Then, slowly, the dark blue gives way for reds and yellows, brilliant and clear, and it looks different every time. It always takes her breath away, just slightly.

She’s always been a morning person, more energy then the sun itself, her mother used to say, and she smiles fondly at the memory as she tightens the knots on her worn down running shoes. They’re a bright neon green with purple lacings and whenever Nanaba sees her wear them, she makes a face like she’s just swallowed a lemon whole.

She makes that face a lot, actually.

Putting in her headphones in and shoving her out-dated and scratched up iPod into the left pocket of her sweatpants, she takes the old marble stairs down two at the time, pushing the door open and breathing in the fresh air.

As fresh as it gets in the city, anyway, she thinks as she lets the rhythmical thumping of her running feet beat along to the music pumping into her ears.

The usual meeting spot is only ten or so blocks away, but she likes to use the travel time effectively for warm-ups. High knees, back kicks, the whole ordeal.

Mike and Nanaba are already waiting for her at the bridge and Hanji raises her had in a wave when she spots them. The bridge is old, too small for traffic, and it’s served as their meeting spot for as long as any of them can remember.

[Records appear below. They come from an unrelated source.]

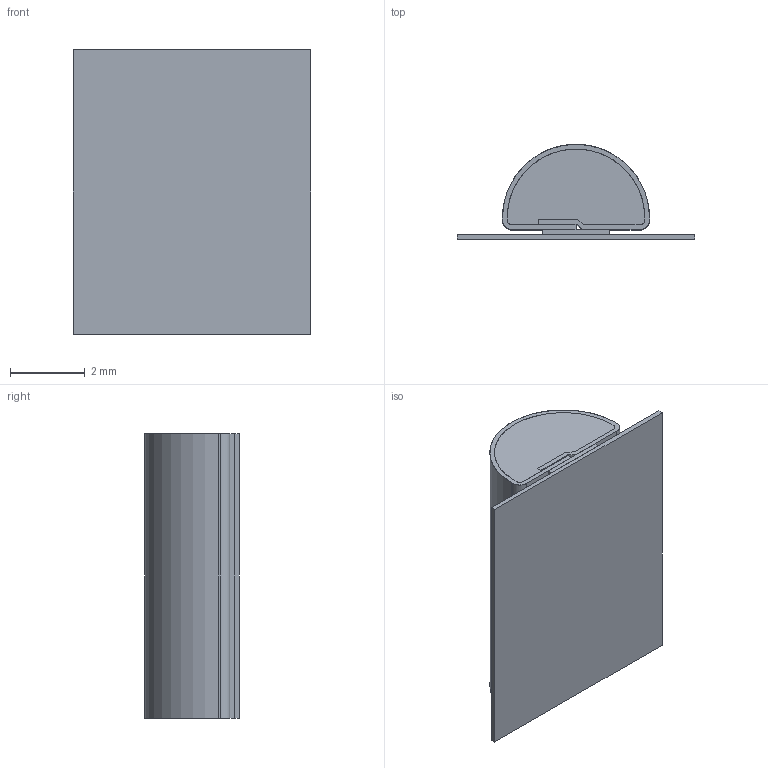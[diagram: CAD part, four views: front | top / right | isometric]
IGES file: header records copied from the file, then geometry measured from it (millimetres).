
Start section: SolidWorks IGES file using analytic representation for surfaces
Global section: file name: E45.IGS; native system: SolidWorks 2011; preprocessor: SolidWorks 2011; author: ldavid; date: 110909.115000; units: inch
Bounding box: 6.35 x 2.54 x 7.62 mm (x, y, z)
Surface area: 392.9 mm2 (no closed solid volume)
Topology: 0 solids, 0 shells, 46 faces, 354 edges, 354 vertices
Faces by surface type: bspline 37, revolution 9
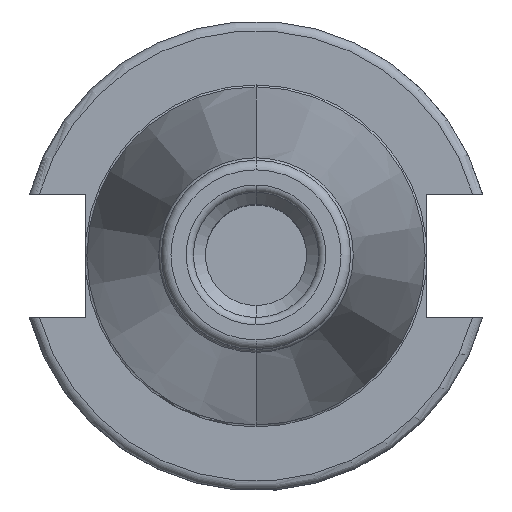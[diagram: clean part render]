
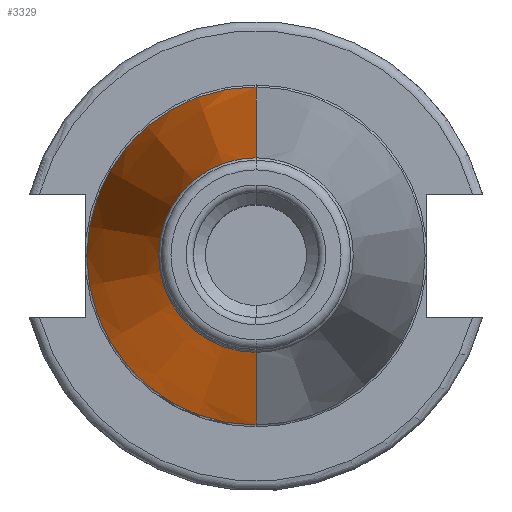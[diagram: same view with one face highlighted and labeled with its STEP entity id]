
A CAD part, top view. The second image highlights one B-rep face of the part: STEP entity #3329.
In plain terms, the highlighted conical face has half-angle 8.297 degrees and reference radius 27.65 mm.
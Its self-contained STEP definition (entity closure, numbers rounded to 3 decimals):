
#1144=DIRECTION('',(0,-0.144,0.99));
#1145=VECTOR('',#1144,103.254);
#1146=CARTESIAN_POINT('',(0,35.1,14));
#1147=LINE('',#1146,#1145);
#1148=DIRECTION('',(0,0.144,0.99));
#1149=VECTOR('',#1148,103.254);
#1150=CARTESIAN_POINT('',(0,-35.1,14));
#1151=LINE('',#1150,#1149);
#1152=CARTESIAN_POINT('',(0,0,14));
#1153=DIRECTION('',(0,0,1));
#1154=DIRECTION('',(0,1,0));
#1155=AXIS2_PLACEMENT_3D('',#1152,#1153,#1154);
#1177=CARTESIAN_POINT('',(0,0,116.173));
#1178=DIRECTION('',(0,0,1));
#1179=DIRECTION('',(0,1,0));
#1180=AXIS2_PLACEMENT_3D('',#1177,#1178,#1179);
#1760=CARTESIAN_POINT('',(0,35.1,14));
#1761=VERTEX_POINT('',#1760);
#1762=CARTESIAN_POINT('',(0,20.2,116.173));
#1763=VERTEX_POINT('',#1762);
#1800=CARTESIAN_POINT('',(0,-35.1,14));
#1801=VERTEX_POINT('',#1800);
#1802=CARTESIAN_POINT('',(0,-20.2,116.173));
#1803=VERTEX_POINT('',#1802);
#3315=CARTESIAN_POINT('',(0,0,65.087));
#3316=DIRECTION('',(0,0,-1));
#3317=DIRECTION('',(0,-1,0));
#3318=AXIS2_PLACEMENT_3D('',#3315,#3316,#3317);
#3319=CONICAL_SURFACE('',#3318,27.65,8.297);
#3321=ORIENTED_EDGE('',*,*,#3320,.T.);
#3323=ORIENTED_EDGE('',*,*,#3322,.T.);
#3325=ORIENTED_EDGE('',*,*,#3324,.F.);
#3326=ORIENTED_EDGE('',*,*,#3308,.F.);
#3327=EDGE_LOOP('',(#3321,#3323,#3325,#3326));
#3328=FACE_OUTER_BOUND('',#3327,.F.);
#3329=ADVANCED_FACE('',(#3328),#3319,.T.);
#1156=CIRCLE('',#1155,35.1);
#1181=CIRCLE('',#1180,20.2);
#3308=EDGE_CURVE('',#1761,#1801,#1156,.T.);
#3320=EDGE_CURVE('',#1761,#1763,#1147,.T.);
#3322=EDGE_CURVE('',#1763,#1803,#1181,.T.);
#3324=EDGE_CURVE('',#1801,#1803,#1151,.T.);

It’s made out of some light limestone, the railing low enough to seem like an appropriate climbing spots for small children. Not that Hanji would know.

Nanaba is stretching her calves, Mike his triceps and Hanji jogs quickly on the spot, shaking her arms to make her circulation go up a notch or two.

“What’s the plan?” she asks in a way of greeting as Mike rolls his neck back and forth.

“Basic rooftop climb? We could head south,” Nanaba suggests. “There’s a lot more pipes and ladders on the older houses down there.”

Hanji shrugs. “Sounds good to me,” she says. “Mike?”

The tall man shrugs as well, which she takes as a yes.

They’re off in an instant, three pairs of shoes on the ground and in less then twenty minutes, they’ve crossed the still-empty squares and deserted bridges taking them south. The  district is older, but large, like a city within a city, the brick buildings old and crumbling. Some call it run-down and dirty, Hanji feels its charm in her very core. It’s a place filled with bookstores where the owners play jazz on a gramophone in the background and the numerous cafes are small and crowded, smelling of coffee and chocolate. 

They veer off the main street, running up and down the cobblestoned hills until they find a back alley that seems abandoned enough.

Nanaba climbs the wall first, quick hands and feet gripping and pushing against the decorative yellow façade of the building. She uses the drainpipes at the top to pull herself up and onto the roof. Mike is next, using his height to easily reach and push his way up. Hanji goes last, making quick work of the obstacle in front of her.

“Nice view,” Mike comments when Hanji has pulled herself up over the edge of the roof, and when she stands she lets a small whistle escape her lips.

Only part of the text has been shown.